# Goal of the exercise
From the data below, copy each line that includes the word "arranged".
--- Data for this exercise Enclosed Below ---
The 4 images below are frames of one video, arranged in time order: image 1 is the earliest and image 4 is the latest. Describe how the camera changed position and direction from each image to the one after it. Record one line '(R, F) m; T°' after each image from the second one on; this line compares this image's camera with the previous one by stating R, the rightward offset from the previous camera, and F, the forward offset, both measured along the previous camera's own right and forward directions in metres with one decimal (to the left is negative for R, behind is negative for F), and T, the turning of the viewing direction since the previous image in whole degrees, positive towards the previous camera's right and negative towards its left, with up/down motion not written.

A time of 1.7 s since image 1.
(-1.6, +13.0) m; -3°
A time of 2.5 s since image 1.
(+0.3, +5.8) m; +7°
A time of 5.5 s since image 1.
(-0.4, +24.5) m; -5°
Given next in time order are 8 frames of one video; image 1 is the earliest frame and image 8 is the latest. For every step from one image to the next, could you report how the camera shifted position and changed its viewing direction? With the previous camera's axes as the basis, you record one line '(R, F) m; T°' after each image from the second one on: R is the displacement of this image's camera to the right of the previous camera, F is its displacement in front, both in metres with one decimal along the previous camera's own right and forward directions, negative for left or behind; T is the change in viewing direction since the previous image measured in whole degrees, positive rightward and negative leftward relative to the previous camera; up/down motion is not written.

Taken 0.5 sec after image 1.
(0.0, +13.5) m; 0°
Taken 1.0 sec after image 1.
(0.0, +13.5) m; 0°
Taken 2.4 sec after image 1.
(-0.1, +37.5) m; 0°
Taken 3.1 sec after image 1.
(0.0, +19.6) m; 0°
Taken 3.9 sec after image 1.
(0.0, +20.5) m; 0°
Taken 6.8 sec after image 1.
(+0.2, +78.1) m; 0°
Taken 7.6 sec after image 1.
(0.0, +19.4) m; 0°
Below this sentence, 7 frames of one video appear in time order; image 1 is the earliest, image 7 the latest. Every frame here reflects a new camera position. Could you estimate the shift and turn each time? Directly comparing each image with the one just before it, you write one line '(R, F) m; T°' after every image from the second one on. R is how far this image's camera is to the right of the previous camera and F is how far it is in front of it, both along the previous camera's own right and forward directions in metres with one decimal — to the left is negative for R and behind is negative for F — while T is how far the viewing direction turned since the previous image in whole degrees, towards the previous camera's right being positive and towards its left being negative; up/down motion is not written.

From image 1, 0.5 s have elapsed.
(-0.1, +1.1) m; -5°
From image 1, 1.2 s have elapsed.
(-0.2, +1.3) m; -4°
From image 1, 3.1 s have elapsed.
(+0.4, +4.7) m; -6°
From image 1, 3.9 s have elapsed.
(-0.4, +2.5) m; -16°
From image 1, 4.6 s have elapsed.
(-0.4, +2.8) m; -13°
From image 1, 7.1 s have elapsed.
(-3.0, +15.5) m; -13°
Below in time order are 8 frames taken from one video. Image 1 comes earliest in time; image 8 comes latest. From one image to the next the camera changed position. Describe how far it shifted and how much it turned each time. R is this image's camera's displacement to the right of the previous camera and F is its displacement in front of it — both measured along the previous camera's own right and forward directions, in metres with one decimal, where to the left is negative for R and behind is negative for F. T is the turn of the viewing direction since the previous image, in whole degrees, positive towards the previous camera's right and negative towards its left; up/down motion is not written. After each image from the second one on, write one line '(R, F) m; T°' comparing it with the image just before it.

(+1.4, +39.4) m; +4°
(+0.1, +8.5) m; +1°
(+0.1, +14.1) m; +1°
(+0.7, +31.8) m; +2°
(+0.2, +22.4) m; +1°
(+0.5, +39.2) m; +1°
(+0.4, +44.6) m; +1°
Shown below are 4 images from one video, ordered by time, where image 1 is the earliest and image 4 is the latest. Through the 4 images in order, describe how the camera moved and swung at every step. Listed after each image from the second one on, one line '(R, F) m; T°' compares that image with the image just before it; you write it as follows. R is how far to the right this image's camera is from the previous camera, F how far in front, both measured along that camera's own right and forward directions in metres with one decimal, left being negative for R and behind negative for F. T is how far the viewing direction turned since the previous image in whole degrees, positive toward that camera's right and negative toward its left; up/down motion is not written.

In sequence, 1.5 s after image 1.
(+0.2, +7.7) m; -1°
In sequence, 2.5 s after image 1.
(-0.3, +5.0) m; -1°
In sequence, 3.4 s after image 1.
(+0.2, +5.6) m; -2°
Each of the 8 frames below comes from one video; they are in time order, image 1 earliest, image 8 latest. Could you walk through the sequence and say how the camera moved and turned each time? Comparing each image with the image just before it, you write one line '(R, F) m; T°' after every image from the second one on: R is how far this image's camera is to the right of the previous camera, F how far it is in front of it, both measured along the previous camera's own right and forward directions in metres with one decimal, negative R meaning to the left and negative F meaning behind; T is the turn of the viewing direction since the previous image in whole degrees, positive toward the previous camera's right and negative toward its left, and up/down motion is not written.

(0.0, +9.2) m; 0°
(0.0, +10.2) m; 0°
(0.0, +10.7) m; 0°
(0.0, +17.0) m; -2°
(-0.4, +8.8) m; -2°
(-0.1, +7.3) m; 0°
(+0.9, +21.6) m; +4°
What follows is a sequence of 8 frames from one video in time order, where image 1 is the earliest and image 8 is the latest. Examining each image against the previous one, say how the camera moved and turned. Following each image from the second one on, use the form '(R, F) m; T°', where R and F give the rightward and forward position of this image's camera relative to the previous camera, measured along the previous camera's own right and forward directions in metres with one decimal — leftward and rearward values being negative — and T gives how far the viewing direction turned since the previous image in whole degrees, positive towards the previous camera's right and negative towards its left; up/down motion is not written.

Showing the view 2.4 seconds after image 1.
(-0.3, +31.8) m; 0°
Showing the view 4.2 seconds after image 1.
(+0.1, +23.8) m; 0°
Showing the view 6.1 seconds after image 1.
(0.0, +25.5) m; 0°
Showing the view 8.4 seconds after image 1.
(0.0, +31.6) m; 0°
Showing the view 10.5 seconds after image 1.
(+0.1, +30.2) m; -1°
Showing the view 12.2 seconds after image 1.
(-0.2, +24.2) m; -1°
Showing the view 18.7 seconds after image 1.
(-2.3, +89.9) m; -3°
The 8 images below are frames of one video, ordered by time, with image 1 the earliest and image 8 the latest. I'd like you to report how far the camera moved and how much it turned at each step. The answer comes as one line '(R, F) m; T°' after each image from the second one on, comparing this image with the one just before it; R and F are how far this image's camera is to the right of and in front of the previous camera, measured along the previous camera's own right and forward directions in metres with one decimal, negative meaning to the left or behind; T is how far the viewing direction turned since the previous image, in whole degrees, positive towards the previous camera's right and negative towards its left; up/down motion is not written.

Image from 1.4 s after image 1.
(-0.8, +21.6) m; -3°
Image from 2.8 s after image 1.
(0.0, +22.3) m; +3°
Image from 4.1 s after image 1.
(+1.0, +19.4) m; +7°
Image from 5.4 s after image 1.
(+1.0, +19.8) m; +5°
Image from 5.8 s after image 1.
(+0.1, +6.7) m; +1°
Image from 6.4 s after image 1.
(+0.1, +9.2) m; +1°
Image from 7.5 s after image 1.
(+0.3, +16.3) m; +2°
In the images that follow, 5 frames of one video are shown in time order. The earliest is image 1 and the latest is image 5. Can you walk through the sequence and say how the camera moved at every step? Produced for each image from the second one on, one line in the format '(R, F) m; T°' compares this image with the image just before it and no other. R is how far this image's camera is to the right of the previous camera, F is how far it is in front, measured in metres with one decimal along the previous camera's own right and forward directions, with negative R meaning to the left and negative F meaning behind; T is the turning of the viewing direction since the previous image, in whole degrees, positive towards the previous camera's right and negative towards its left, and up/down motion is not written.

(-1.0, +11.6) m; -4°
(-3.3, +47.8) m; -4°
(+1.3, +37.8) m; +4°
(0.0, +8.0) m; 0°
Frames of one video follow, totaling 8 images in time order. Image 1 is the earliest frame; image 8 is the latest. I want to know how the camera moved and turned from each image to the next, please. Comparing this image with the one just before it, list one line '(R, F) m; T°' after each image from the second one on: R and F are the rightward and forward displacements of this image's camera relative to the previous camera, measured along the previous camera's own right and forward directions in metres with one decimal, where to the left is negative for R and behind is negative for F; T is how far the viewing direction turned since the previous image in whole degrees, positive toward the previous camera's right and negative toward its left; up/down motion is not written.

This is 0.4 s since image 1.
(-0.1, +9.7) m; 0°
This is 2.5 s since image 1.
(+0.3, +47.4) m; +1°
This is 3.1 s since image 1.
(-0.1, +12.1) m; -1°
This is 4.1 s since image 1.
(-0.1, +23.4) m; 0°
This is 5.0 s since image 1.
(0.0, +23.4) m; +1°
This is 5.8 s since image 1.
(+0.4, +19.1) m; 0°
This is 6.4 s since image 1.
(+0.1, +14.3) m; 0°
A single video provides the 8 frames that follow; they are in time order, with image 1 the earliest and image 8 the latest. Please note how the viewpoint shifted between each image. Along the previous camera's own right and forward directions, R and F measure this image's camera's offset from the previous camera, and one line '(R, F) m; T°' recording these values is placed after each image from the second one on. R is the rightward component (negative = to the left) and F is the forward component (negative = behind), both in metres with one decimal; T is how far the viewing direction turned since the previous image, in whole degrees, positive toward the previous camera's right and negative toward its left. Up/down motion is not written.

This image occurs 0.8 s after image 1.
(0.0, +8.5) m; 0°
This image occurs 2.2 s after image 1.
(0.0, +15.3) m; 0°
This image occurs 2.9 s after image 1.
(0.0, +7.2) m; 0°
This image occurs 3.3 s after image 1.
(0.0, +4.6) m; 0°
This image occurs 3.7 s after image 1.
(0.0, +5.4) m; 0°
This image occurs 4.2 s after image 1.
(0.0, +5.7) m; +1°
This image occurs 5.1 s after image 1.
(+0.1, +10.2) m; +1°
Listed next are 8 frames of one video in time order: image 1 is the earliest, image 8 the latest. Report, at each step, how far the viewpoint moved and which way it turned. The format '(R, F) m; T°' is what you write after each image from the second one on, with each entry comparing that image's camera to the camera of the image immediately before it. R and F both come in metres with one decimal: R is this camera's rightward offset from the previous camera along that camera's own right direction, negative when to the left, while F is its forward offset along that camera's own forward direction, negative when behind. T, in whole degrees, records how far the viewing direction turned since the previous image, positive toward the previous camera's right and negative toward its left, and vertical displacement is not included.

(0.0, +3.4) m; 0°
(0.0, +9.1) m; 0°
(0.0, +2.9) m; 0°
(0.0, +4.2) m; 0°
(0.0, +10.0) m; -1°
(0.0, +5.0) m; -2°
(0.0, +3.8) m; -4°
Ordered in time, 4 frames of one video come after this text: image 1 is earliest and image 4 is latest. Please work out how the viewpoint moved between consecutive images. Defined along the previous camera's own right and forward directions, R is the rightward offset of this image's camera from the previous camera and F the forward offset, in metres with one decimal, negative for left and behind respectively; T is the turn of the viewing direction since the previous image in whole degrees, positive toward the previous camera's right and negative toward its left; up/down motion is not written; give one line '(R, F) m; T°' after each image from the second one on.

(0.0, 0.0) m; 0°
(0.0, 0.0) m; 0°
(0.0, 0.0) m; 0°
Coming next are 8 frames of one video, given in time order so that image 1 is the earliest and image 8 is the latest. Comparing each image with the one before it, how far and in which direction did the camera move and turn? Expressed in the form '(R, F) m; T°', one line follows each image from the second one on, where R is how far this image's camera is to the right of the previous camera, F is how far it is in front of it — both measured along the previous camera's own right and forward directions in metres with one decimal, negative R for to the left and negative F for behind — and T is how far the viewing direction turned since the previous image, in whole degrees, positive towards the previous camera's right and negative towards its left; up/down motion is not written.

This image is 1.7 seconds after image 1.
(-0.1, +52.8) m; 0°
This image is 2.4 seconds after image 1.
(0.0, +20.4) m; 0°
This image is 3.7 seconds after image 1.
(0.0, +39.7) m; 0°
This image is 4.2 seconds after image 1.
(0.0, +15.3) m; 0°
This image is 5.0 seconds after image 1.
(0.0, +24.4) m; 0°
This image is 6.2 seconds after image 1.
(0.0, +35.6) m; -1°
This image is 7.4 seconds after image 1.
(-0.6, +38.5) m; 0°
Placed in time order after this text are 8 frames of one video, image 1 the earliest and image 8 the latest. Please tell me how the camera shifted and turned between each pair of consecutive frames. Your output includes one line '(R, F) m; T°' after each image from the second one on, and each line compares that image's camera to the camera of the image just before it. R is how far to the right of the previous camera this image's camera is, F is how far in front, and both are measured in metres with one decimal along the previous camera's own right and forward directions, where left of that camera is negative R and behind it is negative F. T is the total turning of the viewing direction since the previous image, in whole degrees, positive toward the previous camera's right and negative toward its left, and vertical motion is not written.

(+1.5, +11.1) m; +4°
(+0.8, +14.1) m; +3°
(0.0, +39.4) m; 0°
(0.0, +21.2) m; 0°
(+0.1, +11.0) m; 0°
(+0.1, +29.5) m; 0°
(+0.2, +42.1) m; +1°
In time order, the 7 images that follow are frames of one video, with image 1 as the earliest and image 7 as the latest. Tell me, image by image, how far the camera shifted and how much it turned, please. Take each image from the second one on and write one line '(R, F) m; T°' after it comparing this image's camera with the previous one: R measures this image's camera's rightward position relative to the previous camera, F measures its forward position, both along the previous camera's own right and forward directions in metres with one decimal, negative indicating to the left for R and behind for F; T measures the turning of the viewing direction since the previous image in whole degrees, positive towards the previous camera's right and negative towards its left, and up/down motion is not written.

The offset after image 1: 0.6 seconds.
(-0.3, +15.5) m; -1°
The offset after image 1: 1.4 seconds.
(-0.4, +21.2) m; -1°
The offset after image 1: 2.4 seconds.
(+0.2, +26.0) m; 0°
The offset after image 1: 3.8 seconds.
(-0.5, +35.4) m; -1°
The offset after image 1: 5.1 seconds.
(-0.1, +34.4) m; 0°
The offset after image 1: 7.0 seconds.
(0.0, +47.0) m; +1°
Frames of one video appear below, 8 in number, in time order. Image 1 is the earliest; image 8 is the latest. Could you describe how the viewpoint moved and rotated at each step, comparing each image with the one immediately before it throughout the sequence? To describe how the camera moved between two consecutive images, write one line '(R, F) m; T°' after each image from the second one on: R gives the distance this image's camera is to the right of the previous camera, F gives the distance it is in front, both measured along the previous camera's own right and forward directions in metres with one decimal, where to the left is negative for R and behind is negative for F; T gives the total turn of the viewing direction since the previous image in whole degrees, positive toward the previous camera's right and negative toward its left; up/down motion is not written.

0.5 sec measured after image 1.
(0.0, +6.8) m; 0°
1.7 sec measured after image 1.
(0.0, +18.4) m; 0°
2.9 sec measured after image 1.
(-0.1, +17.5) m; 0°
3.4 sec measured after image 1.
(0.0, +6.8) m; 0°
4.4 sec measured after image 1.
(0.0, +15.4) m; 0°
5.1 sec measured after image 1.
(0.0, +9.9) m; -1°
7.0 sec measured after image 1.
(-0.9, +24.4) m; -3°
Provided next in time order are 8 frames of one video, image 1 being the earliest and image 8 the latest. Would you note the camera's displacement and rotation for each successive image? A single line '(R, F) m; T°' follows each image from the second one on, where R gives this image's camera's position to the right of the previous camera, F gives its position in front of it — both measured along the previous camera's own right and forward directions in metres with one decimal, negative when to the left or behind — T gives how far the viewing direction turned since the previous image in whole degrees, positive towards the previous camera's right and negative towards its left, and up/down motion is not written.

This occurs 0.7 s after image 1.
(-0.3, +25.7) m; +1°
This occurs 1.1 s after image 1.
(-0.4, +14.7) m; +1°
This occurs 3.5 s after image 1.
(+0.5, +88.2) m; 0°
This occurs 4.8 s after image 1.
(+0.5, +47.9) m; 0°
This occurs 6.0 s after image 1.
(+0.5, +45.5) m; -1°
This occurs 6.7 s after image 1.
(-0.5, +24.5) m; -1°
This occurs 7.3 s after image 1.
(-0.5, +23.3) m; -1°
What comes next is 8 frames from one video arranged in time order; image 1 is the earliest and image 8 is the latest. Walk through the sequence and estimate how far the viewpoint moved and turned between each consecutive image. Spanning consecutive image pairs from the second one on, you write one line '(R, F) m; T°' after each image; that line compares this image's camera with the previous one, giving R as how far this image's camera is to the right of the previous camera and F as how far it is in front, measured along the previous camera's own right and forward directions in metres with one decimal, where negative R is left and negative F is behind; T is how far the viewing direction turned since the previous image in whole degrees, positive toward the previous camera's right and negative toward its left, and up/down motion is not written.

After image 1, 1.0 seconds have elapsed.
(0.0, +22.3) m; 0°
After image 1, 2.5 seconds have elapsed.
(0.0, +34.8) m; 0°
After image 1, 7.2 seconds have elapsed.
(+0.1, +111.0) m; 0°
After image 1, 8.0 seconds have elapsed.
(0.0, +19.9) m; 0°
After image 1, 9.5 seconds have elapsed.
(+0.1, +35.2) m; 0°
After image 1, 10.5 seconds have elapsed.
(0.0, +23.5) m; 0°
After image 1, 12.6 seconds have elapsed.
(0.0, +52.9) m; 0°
--- End of Enclosed Data for this exercise ---
# Expected answer
The 4 images below are frames of one video, arranged in time order: image 1 is the earliest and image 4 is the latest. Describe how the camera changed position and direction from each image to the one after it. Record one line '(R, F) m; T°' after each image from the second one on; this line compares this image's camera with the previous one by stating R, the rightward offset from the previous camera, and F, the forward offset, both measured along the previous camera's own right and forward directions in metres with one decimal (to the left is negative for R, behind is negative for F), and T, the turning of the viewing direction since the previous image in whole degrees, positive towards the previous camera's right and negative towards its left, with up/down motion not written.
What comes next is 8 frames from one video arranged in time order; image 1 is the earliest and image 8 is the latest. Walk through the sequence and estimate how far the viewpoint moved and turned between each consecutive image. Spanning consecutive image pairs from the second one on, you write one line '(R, F) m; T°' after each image; that line compares this image's camera with the previous one, giving R as how far this image's camera is to the right of the previous camera and F as how far it is in front, measured along the previous camera's own right and forward directions in metres with one decimal, where negative R is left and negative F is behind; T is how far the viewing direction turned since the previous image in whole degrees, positive toward the previous camera's right and negative toward its left, and up/down motion is not written.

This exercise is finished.